Lydia confirmed that 100% of hers are contentious cases. She predicted this becoming because of the baby boomer era as people are dying and leaving property and if someone were to take a case on CFA, they would not have anything to lose. Lydia said inheritance act claims have piggybacked on blame/compensation culture akin to PI claims and feeds on the idea that there is a nuisance value, even if it is £10K or £20k, for a claimant to push for.
Karen asked the group if there was an expectation of buying their first home from the bank of mum and dad and that they were naturally expecting inheritance.
Emma-Louise Green from Meridian Private Client LLP told the group there has been a large increase of estoppels being made and children moving in with parents to care for their parents and wills may be changed and not changed.
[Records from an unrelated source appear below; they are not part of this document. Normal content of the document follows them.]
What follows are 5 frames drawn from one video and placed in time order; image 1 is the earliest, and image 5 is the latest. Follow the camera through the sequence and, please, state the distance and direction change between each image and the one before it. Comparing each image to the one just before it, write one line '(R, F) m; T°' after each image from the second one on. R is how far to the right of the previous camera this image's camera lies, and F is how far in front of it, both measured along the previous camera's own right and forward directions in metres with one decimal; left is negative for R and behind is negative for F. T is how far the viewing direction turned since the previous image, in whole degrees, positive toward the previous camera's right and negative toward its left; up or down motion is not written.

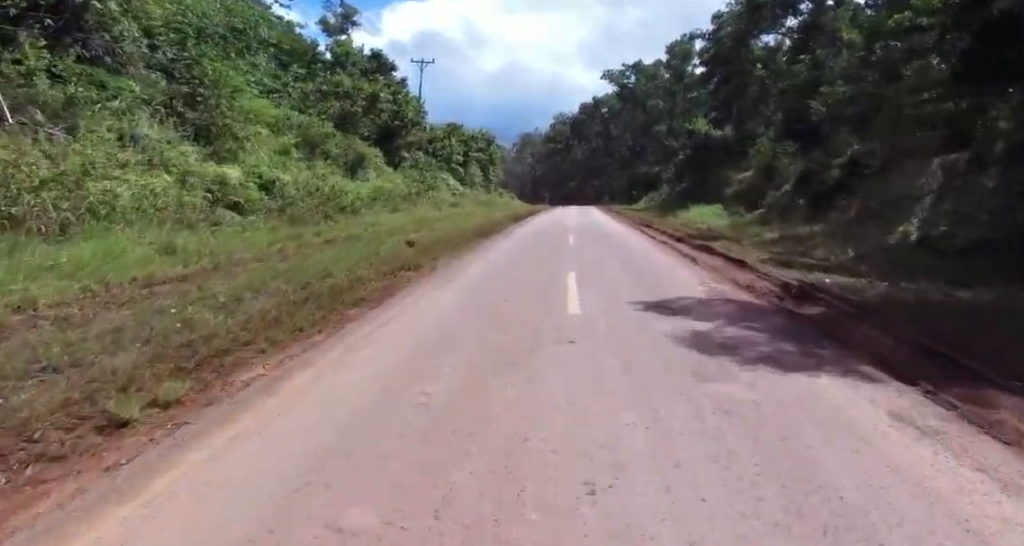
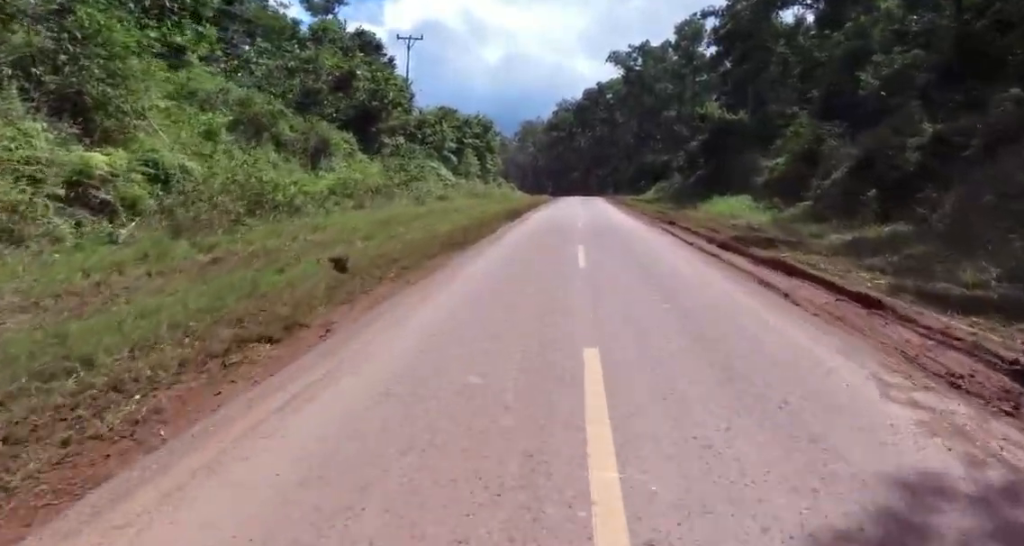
(+0.2, +4.4) m; -1°
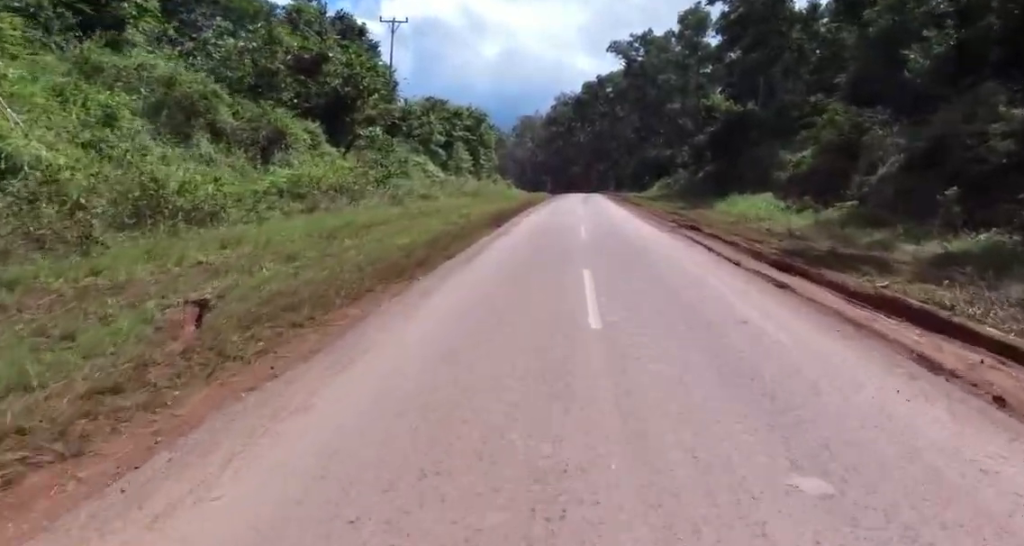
(-0.1, +4.4) m; -3°
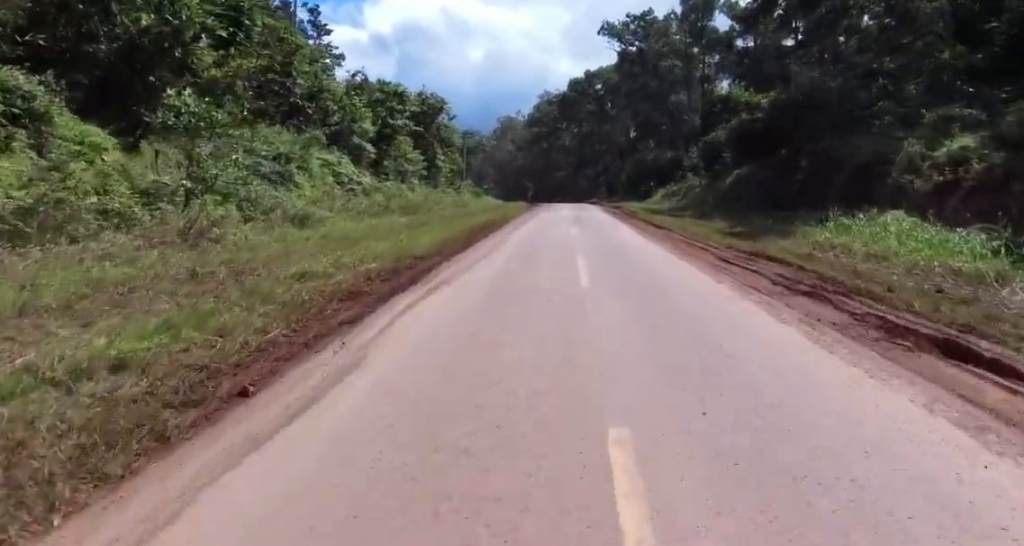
(-0.7, +14.5) m; -4°
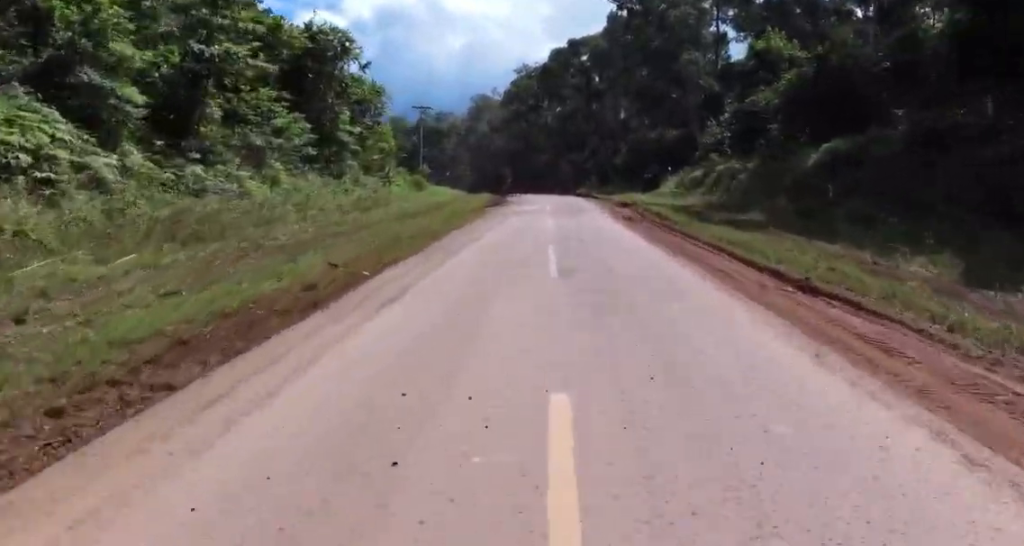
(+3.2, +18.3) m; +7°

Contentious probate as a whole is on the rise as people are living differently because of Covid.
Jane Cassell questioned where there are discrepancies between results in contentious probate cases, do you put that down to likeability of witnesses or do you believe that’s not relevant – or something completely unrelated.
Tara McInnes said the difficulty is that each case is largely decided on its own merits, and what the judge thinks on the day. It is entirely possible that one person in the litigation comes across to a judge as more believable on the day. There is a huge risk in proceeding to trial and it is prudent to work out the risks before going to trial and to consider settlement options and Alternative Dispute Resolution at an early stage in proceedings.
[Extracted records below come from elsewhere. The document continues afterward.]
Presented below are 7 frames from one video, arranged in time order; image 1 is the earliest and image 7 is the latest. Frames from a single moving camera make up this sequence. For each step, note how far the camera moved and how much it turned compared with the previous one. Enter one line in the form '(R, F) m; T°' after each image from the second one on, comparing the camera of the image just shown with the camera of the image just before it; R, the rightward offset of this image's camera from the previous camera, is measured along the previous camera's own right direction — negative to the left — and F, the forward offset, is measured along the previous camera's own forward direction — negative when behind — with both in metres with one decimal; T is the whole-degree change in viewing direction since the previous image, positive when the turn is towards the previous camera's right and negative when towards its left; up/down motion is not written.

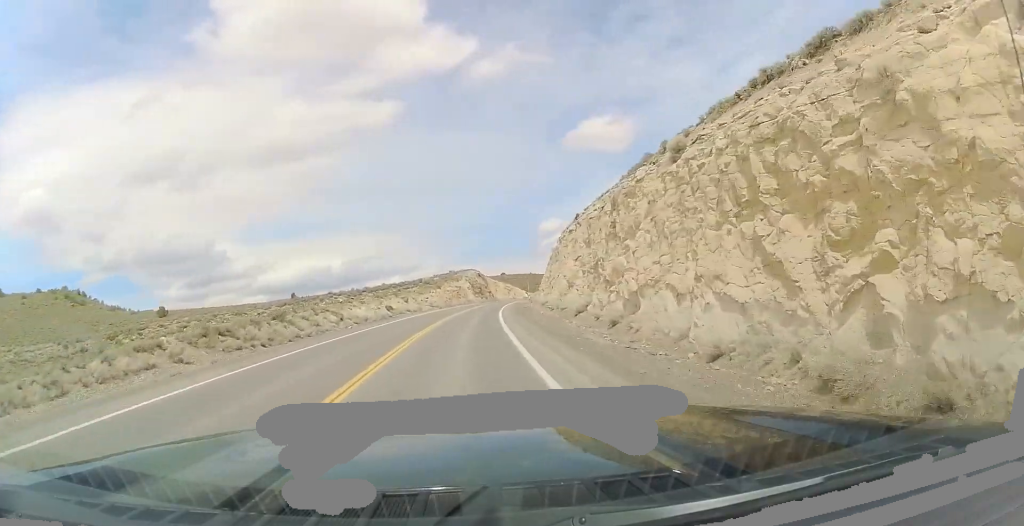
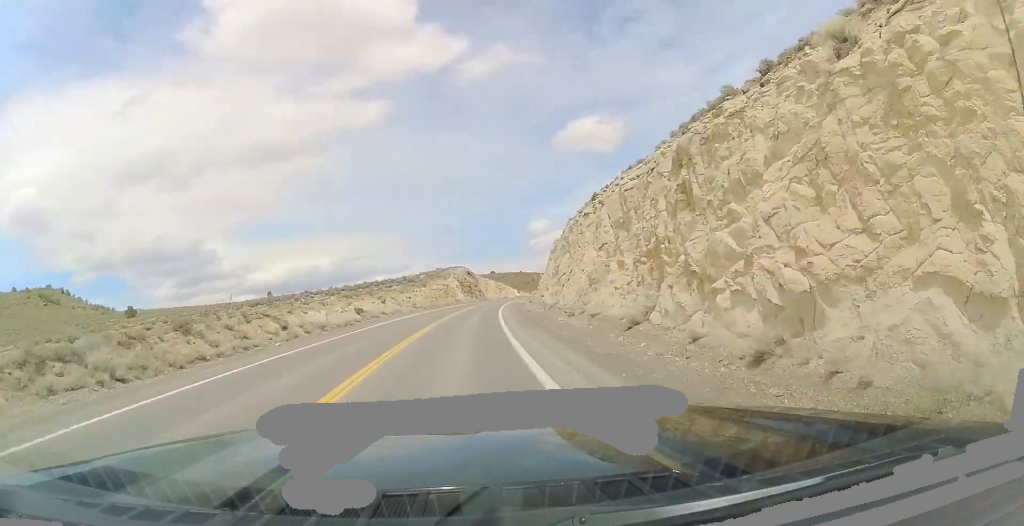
(+0.2, +11.6) m; +1°
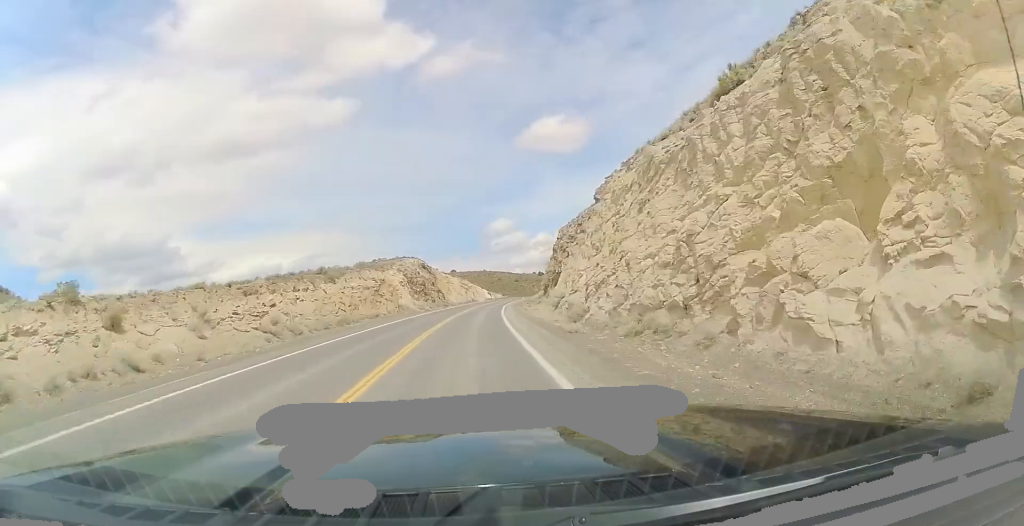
(+1.5, +45.8) m; +4°
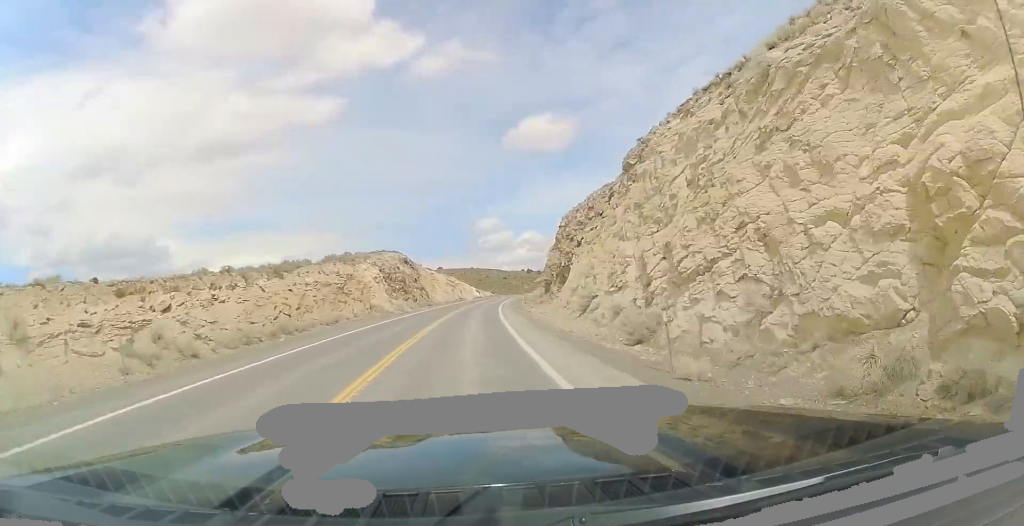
(+0.1, +11.8) m; +1°
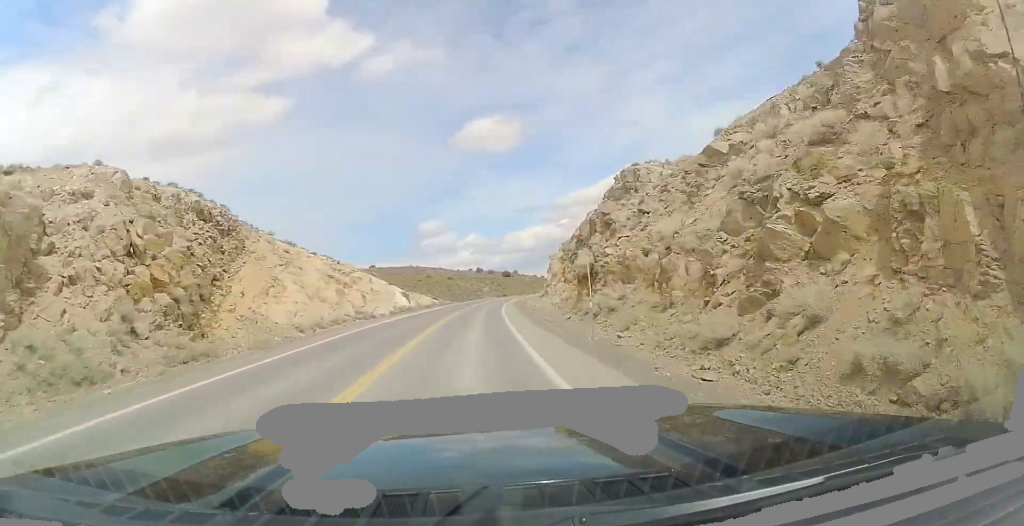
(+5.0, +71.6) m; +7°
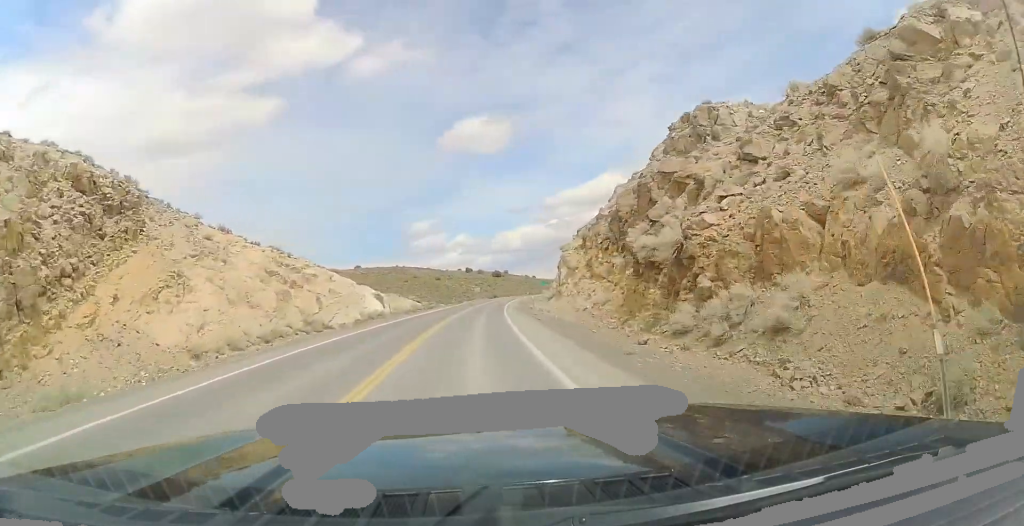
(+0.1, +14.1) m; +1°
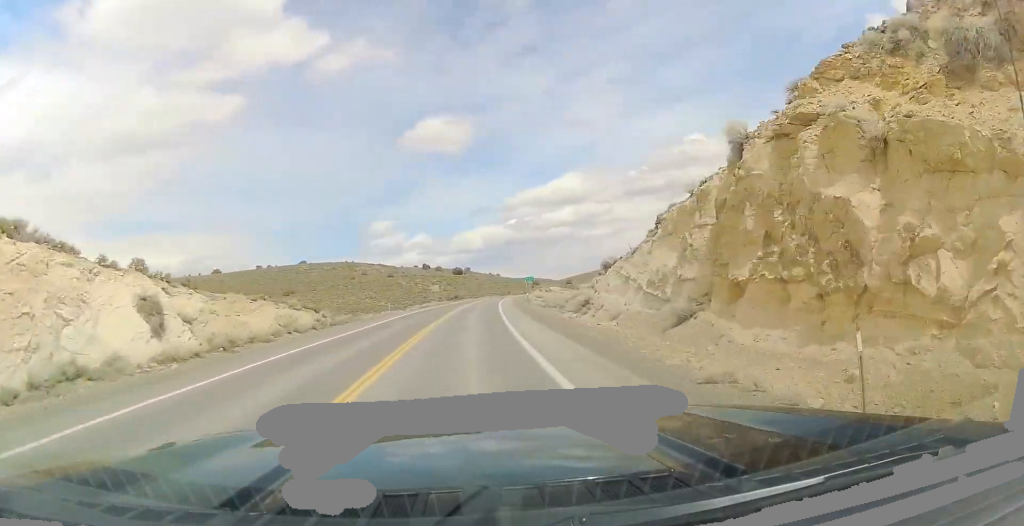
(+0.9, +38.8) m; +3°

Jade Gani, solicitor and head of private client at Aston Bond updated us on her Wishing will foundation which had a soft launch in February. The launch went live to members of the partnered hospices and charities they are working with. Jade announced that from May it will be open to the general public.
Samantha Day from Tower Street Finance (TSF) advised everyone that they are launching a funding solution for probate in the next week. Their product provides funds for cases which they have no involvement in. The solicitor would bill TSF but the agreement is between TSF and the client. It was felt that lack of funding in contentious probate is a big problem and a reason that a lot of cases settle, perhaps prematurely, because people cannot fund good claims to trial.
Karen asked if you had to pass on a contentious probate matter to a practitioner, how do you choose.
Lydia said that great solicitors have worked very hard to get a good result, the judge should be saying inheritance act is about needs not fairness. Lydia said “If I was looking, I would choose someone who is clear and tells clients the honest truth about their case and how it could play out.”
Lastly to finish the meeting off Emma Baddaley from Inheritance Data posed a question for the group as to whether face to face Women in Will lunches were in the pipeline and how everyone felt about it. Karen and Grace excitedly told everyone that venues are being investigated to have lunches in the summer onwards, on a geographical basis so it is fair for everyone and zoom meetings would continue alongside for the rest of the year.